## TASK TO COMPLETE
The listing below should be printed in full and exactly, apart from its images.

## DATA BLOCK
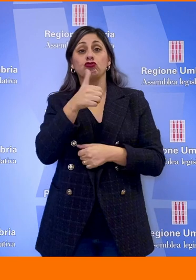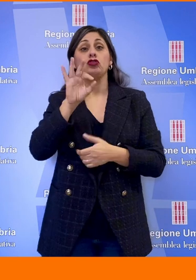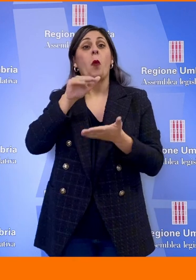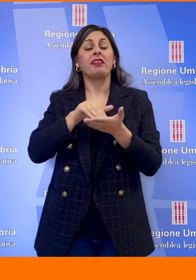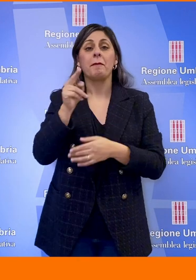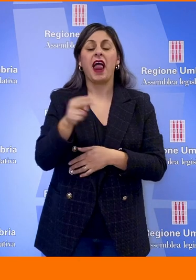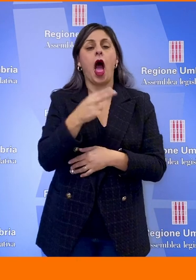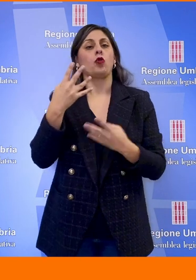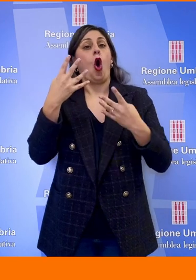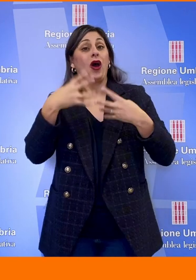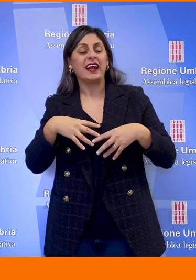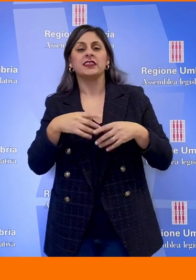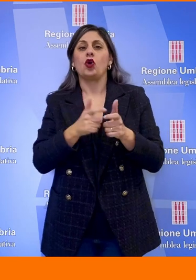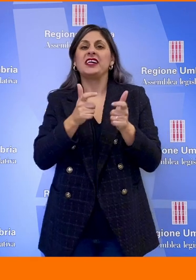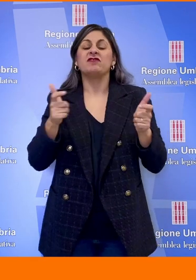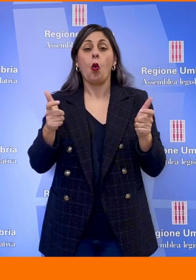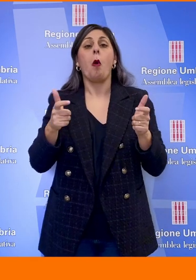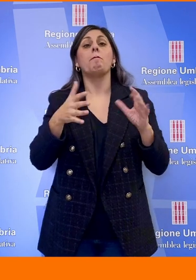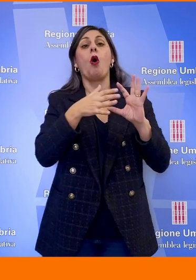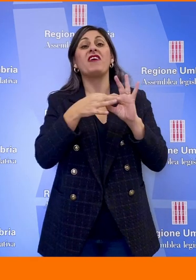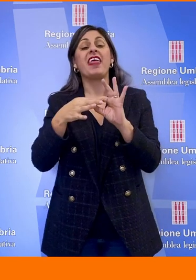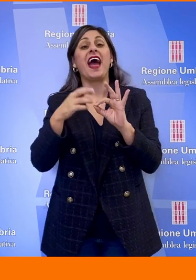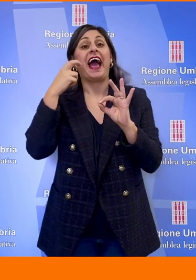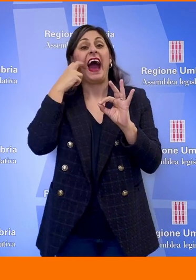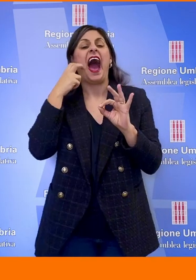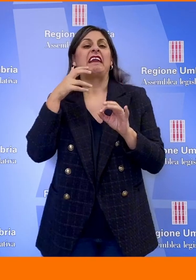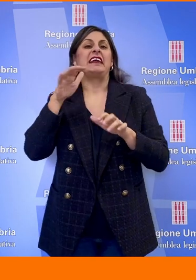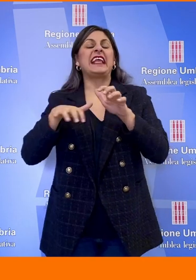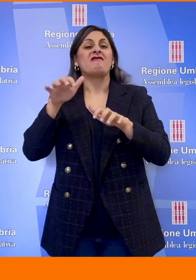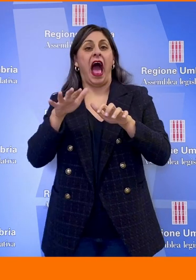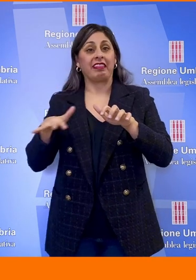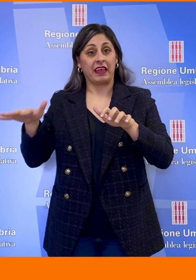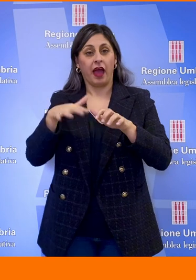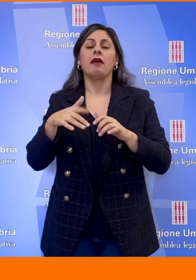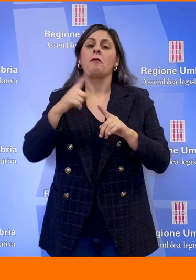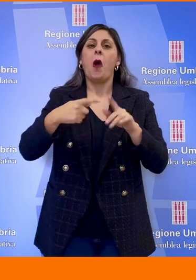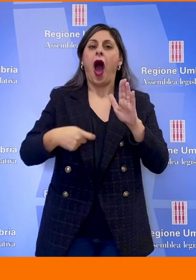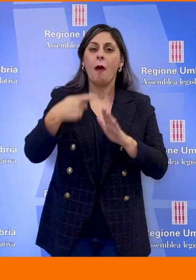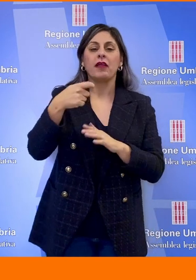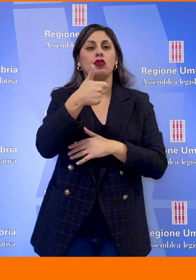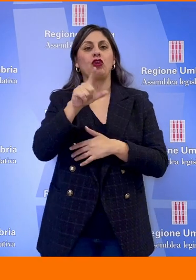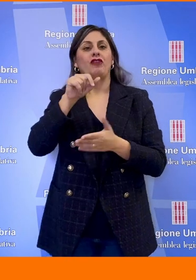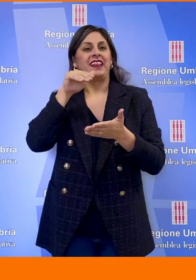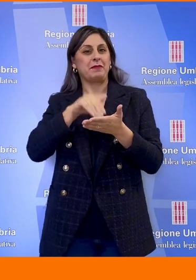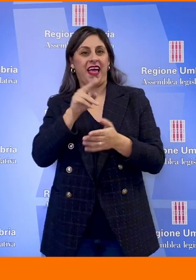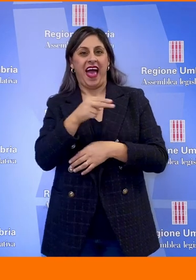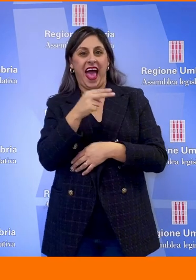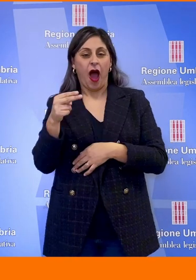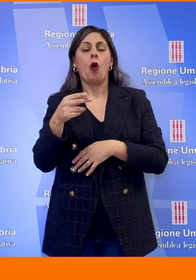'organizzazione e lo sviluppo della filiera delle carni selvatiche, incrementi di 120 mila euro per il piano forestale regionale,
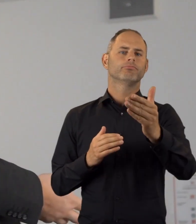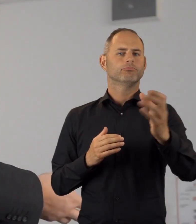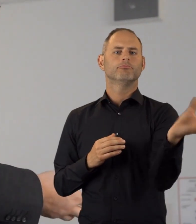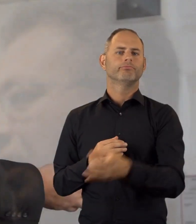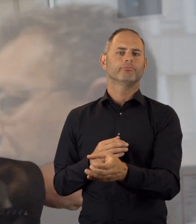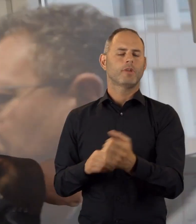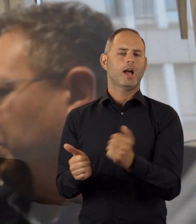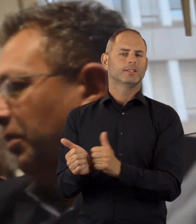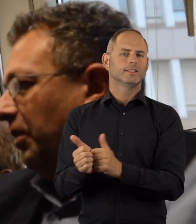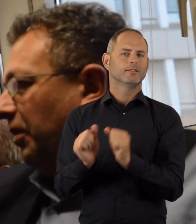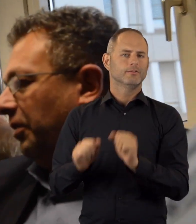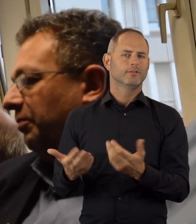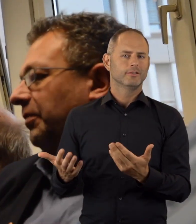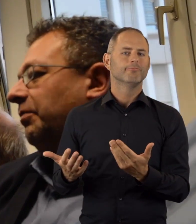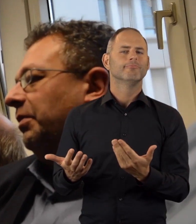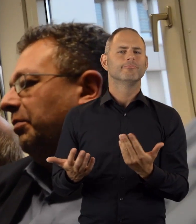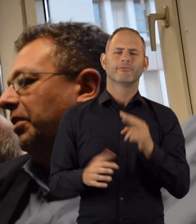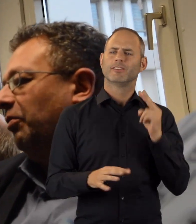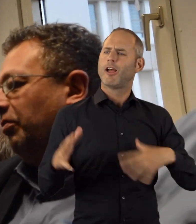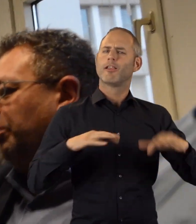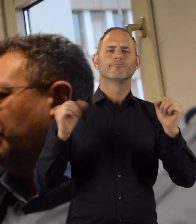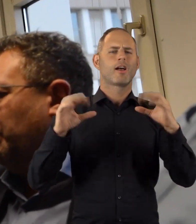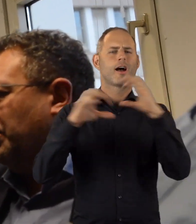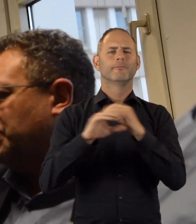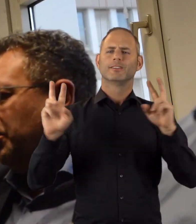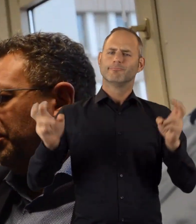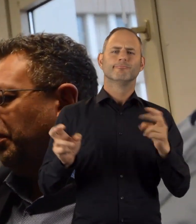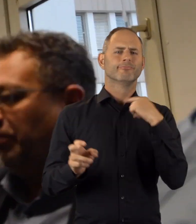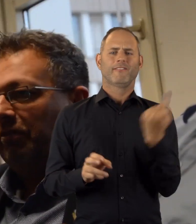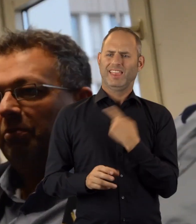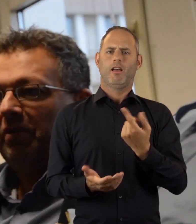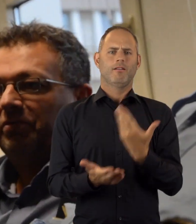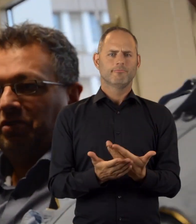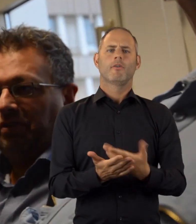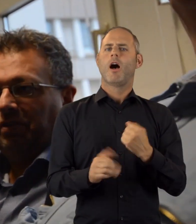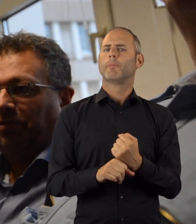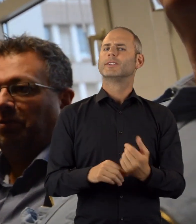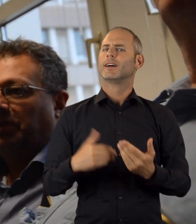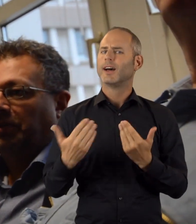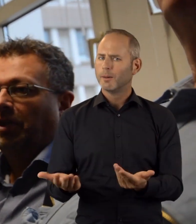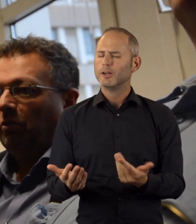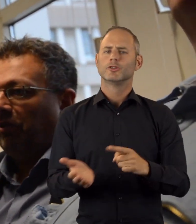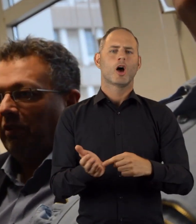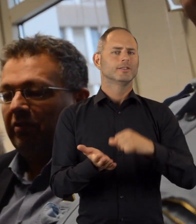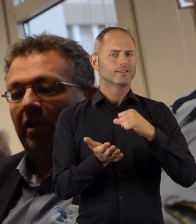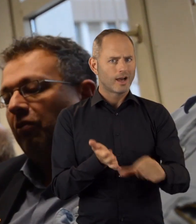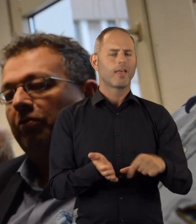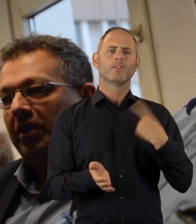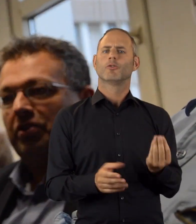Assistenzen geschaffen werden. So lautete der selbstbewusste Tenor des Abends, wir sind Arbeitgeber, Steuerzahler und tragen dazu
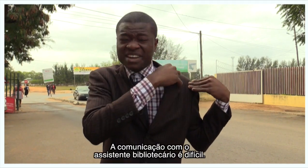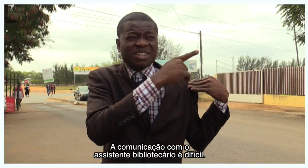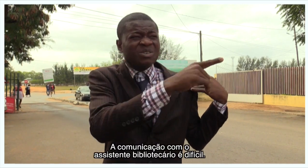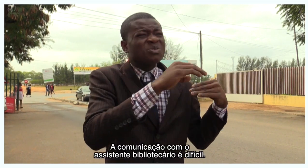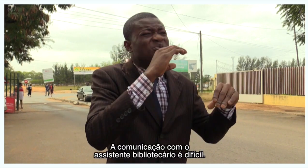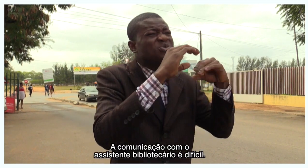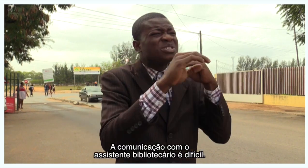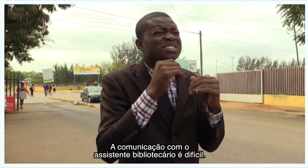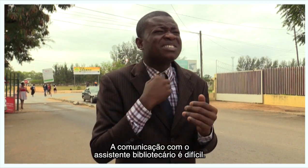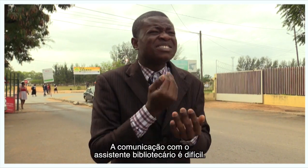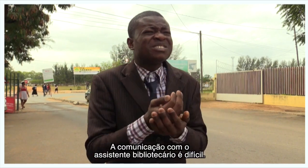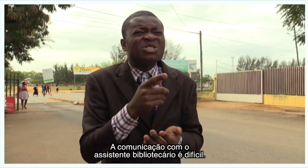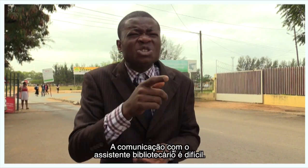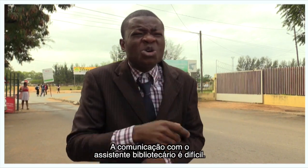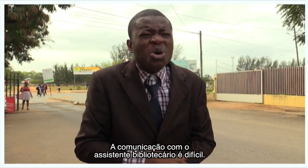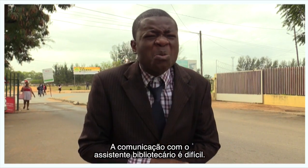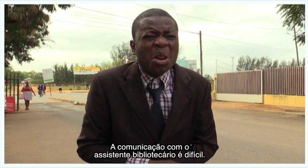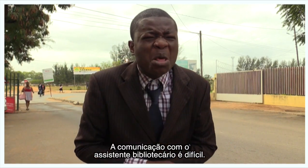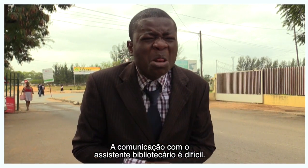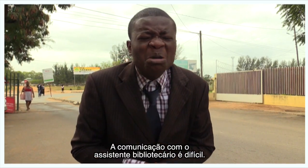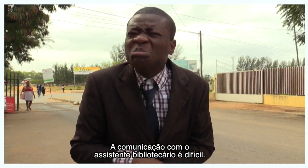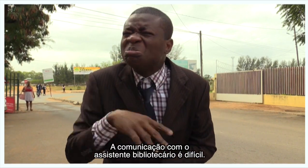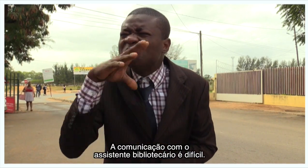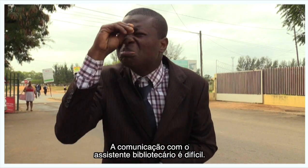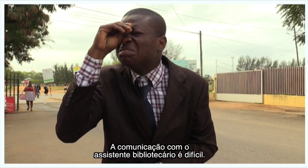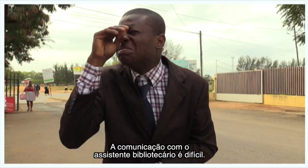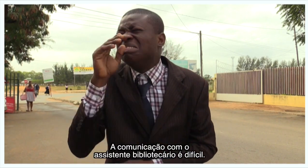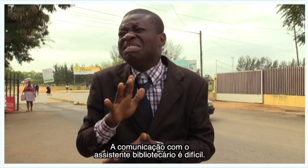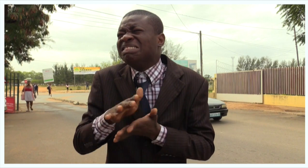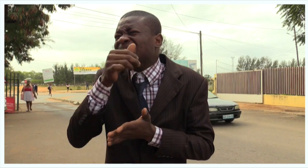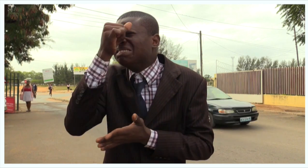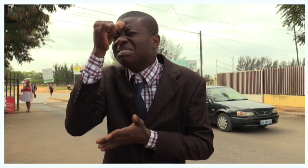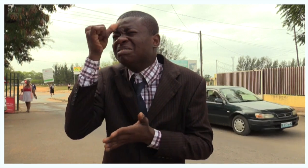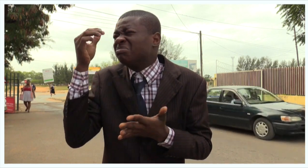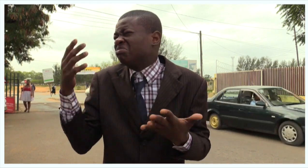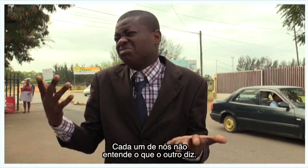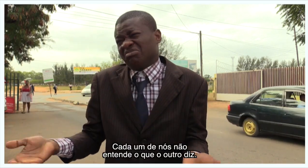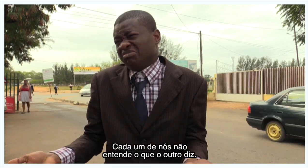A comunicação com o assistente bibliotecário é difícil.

## FINISHED EXERCISE
'organizzazione e lo sviluppo della filiera delle carni selvatiche, incrementi di 120 mila euro per il piano forestale regionale,
Assistenzen geschaffen werden. So lautete der selbstbewusste Tenor des Abends, wir sind Arbeitgeber, Steuerzahler und tragen dazu
A comunicação com o assistente bibliotecário é difícil.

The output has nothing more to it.